Brian Budd was thinking about Kansas while waiting for election results at the Springfield Teamsters Local 445 on East Division Street on Tuesday night.
Budd, who works at Timken Belts and is a local steelworkers union official, has seen data from his shop and a sister company in the Sunflower State. Wages are lower there because organized labor’s power is diminished in Kansas, a “right-to-work” state, Budd said.
“They start off at lower wages, and they don’t get anywhere near us,” Budd said.
He had less to worry about later on primary day, when Secretary of State Jay Ashcroft’s office showed about 63 percent of Missourians rejecting a law banning mandatory union dues, overturning a measure backed by more than 60 percent of the Missouri General Assembly in 2017.
The vote totals were 385,767 no and 228,685 yes by 9:45 p.m. Tuesday, according to the website. Ballots in hundreds of precincts had yet to be reported, but the Associated Press had called the race.
With about 95 percent of the precincts reporting in Greene County, about 57.5 percent of voters opposed “right-to-work,” according to Clerk Shane Schoeller’s office. In Christian County, the measure had a narrow margin of support, with about 51.5 percent voting “yes,” according to Clerk Kay Brown’s office.
Missouri unions were energized about the referendum, which labor members and supporters triggered last year by turning in more than 300,000 signatures to put the issue on the ballot. The law was suspended until voters could have their say, nearly a year later.
For Corey White, a domestic violence victims’ advocate from Ozark, “right-to-work” is an inaccurate misnomer that smacks of “manipulation.”
Neither White nor Carmen Strawn, a registered nurse who lives in the Rountree neighborhood, belong to a union. But they actively opposed the law because they fear it could have a deleterious effect on wages for middle- and lower-class workers.
Budd and Jeff Phillips, a spokesman for the heavy construction laborers local, acknowledged that “right-to-work” might entice companies to set up shop in Missouri, bringing with them an influx of jobs.
“But what kind of jobs?” Phillips wondered, arguing the same point as Budd: That the extra jobs would not offer wages that could support a family.
The mandatory ban on union dues, generally supported by Republicans and opposed by Democrats, was passed in early 2017 by lawmakers in Jefferson City, where the GOP holds sway. Former Gov. Eric Greitens, for whom signing “right-to-work” was a major campaign issue, inked the bill into law in February 2017.
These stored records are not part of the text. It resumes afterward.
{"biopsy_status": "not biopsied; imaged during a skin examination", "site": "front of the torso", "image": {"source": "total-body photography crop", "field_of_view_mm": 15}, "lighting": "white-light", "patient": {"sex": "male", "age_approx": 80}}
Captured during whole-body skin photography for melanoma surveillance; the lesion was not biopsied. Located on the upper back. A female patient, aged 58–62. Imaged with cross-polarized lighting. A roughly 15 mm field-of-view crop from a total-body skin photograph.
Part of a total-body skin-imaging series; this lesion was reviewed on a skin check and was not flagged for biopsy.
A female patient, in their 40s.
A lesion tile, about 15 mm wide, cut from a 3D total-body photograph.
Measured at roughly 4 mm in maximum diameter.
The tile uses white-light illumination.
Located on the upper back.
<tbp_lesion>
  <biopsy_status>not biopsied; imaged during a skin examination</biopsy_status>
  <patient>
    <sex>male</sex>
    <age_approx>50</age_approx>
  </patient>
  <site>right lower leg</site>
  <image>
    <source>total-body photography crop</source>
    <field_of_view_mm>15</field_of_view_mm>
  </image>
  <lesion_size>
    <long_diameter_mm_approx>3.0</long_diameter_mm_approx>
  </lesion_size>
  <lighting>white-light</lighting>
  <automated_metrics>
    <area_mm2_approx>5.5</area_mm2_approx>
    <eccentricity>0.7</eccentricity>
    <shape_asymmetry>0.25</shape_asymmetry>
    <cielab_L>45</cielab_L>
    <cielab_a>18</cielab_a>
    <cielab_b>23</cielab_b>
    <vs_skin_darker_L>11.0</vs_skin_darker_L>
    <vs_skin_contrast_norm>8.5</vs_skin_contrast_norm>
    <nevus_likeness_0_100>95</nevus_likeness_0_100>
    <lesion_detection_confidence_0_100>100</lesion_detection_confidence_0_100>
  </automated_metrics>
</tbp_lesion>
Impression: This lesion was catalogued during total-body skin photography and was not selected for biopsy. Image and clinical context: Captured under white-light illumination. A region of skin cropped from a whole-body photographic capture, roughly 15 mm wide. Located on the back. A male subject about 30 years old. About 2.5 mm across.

Chris Nuelle, a spokesman for the Missouri Republican Party, bashed unions in a statement after the defeat of the law.
“Time and again, Unions have funneled ridiculous amounts money and used intimidation tactics to stop measures that would ultimately benefit their workers and hold their officials more accountable, and Proposition A was no exception,” Nuelle said. “The idea that one must be forced to pay union dues is ridiculous, especially since unions continually support left-wing groups and candidates. This trend needs to stop, and we hope that further measures are taken to continue the fight to hold union officials accountable, level the economic playing field, and afford workers more freedom.”
The ballot measure was a referendum on the law itself as well as a test of big labor following a big court defeat: In June, the U.S. Supreme Court issued a ruling that blocks public-sector unions from requiring union dues.
Unions inside and outside Missouri poured money and time into the race, easily out-raising supporters of the law by about a three-to-one margin.
In 2017, about 226,000 Missouri employees comprising about 8.7 percent of Missouri’s wage and salary workers belonged to a union, according to the Bureau of Labor Statistics. Another 39,000 workers were represented by a union but were not members.
The vote was initially slated for November, but Republican legislators moved the vote to August. Switching the date could have implications on turnout in the Nov. 6 general election.
From a historical perspective, the vote was not a surprise. More than 90 percent of the time, Missourians have sided against their elected state representatives when asked to vote on a law passed by lawmakers.
A right-to-work measure also was on the ballot in 1978. As it was Tuesday, voters four decades ago rejected the labor law.